SOURCE DATA: Begin

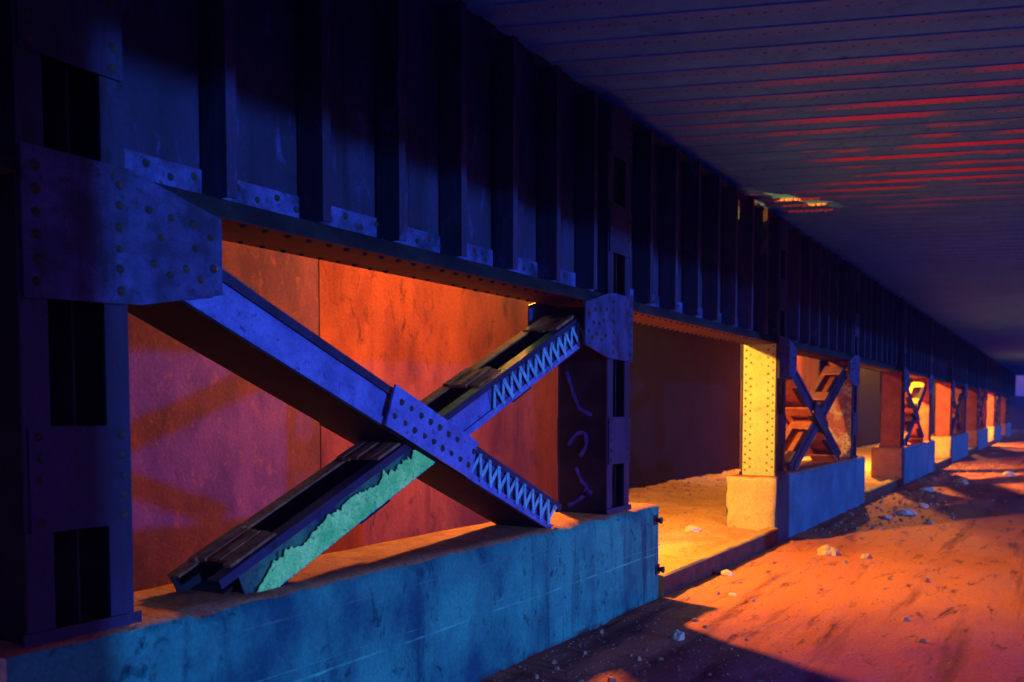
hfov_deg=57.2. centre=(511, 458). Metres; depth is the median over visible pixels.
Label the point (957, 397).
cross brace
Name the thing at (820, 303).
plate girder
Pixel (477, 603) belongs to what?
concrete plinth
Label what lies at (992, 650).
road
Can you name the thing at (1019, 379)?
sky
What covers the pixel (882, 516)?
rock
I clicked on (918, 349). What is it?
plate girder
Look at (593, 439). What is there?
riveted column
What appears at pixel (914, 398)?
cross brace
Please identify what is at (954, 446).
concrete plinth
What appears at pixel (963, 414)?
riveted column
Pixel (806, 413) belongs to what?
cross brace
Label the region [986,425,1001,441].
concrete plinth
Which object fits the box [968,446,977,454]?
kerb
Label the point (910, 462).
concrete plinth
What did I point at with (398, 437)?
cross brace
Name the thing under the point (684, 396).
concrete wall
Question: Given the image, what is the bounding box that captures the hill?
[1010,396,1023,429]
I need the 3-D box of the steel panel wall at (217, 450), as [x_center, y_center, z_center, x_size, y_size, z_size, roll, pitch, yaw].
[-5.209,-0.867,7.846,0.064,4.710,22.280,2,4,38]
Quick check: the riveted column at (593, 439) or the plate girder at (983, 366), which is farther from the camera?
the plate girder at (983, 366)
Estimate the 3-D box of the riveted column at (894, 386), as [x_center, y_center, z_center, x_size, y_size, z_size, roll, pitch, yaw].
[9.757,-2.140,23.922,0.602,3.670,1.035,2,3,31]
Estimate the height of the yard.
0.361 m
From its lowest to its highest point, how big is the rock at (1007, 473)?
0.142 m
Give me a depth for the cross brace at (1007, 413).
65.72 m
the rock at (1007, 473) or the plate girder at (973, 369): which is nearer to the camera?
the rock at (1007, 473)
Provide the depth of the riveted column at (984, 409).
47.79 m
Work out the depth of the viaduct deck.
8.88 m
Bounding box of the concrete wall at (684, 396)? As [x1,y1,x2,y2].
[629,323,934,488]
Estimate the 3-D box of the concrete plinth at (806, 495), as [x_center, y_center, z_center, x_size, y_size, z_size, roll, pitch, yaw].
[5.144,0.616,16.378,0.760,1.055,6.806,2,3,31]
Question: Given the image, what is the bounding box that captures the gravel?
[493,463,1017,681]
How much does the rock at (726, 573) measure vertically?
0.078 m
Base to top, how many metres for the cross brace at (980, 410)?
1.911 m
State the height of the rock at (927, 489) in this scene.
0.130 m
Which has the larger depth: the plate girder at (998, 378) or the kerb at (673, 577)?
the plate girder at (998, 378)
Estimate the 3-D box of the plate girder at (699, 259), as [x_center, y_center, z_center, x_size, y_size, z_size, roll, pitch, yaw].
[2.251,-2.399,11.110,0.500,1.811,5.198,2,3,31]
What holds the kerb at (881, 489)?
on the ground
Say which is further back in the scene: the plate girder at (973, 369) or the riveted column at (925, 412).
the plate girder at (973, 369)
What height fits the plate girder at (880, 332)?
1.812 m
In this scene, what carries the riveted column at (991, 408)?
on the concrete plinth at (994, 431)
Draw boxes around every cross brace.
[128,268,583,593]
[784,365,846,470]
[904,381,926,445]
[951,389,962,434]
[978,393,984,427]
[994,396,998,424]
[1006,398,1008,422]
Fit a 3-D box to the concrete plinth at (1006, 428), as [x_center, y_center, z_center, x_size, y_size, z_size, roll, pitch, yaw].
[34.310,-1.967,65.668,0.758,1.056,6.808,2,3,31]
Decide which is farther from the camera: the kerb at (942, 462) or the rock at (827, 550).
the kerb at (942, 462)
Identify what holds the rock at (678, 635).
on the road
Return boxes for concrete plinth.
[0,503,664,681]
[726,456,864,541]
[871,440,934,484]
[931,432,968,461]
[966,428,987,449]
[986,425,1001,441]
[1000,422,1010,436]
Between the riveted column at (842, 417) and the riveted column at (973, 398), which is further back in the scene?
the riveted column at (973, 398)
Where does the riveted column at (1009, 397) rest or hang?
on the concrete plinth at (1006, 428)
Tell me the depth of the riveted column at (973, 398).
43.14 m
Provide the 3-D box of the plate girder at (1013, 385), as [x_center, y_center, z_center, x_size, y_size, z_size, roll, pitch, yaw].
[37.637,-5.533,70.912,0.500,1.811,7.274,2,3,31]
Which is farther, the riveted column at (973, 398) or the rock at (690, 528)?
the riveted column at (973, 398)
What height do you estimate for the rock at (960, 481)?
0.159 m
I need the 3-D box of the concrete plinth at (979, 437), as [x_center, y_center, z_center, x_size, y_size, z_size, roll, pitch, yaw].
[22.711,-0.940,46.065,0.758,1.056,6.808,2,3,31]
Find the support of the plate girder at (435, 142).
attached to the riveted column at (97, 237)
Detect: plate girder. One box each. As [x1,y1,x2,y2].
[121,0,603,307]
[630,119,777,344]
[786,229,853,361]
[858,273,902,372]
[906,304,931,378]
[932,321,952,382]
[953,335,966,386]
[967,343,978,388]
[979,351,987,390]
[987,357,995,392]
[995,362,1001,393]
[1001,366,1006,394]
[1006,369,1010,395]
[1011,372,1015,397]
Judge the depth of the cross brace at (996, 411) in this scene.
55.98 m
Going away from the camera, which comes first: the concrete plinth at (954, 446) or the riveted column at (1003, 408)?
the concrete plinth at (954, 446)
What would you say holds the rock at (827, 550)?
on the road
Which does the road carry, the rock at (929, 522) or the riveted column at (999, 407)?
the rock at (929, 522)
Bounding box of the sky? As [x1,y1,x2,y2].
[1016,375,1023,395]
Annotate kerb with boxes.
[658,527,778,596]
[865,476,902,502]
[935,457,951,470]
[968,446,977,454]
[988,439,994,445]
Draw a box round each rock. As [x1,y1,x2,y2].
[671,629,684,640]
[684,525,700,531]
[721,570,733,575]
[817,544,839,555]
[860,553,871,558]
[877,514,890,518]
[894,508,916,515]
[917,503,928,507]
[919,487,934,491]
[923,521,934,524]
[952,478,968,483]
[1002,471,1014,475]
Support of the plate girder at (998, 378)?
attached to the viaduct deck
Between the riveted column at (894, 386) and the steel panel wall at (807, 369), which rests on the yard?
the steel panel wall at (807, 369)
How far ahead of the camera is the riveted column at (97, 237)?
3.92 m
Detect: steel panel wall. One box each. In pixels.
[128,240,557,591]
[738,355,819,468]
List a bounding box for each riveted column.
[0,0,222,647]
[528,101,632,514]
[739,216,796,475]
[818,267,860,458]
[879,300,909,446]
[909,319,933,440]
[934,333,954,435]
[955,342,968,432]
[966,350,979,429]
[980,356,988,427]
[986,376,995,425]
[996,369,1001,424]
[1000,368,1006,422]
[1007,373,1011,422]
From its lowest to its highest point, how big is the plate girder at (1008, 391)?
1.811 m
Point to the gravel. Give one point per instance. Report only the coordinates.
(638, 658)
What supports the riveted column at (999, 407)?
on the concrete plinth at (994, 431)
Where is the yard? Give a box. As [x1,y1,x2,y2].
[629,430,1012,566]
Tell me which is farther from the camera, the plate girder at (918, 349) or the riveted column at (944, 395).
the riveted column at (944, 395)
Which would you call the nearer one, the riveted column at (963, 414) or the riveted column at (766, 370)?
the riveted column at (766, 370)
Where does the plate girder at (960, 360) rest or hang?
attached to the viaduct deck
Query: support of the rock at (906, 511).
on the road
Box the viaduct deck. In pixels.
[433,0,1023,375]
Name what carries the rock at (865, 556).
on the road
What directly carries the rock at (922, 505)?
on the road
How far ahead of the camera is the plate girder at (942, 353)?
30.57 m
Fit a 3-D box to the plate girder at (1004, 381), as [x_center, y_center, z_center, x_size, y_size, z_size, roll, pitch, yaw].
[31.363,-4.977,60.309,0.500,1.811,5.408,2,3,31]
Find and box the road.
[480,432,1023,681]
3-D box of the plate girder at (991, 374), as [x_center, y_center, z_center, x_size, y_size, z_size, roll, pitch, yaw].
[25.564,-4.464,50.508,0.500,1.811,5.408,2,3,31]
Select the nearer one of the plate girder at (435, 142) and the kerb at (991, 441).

SOURCE DATA: End

(WORK TO BE COMPLETED):
Return only the number of lines in the entries above that contain the word "need".

(ANSWER BOX):
2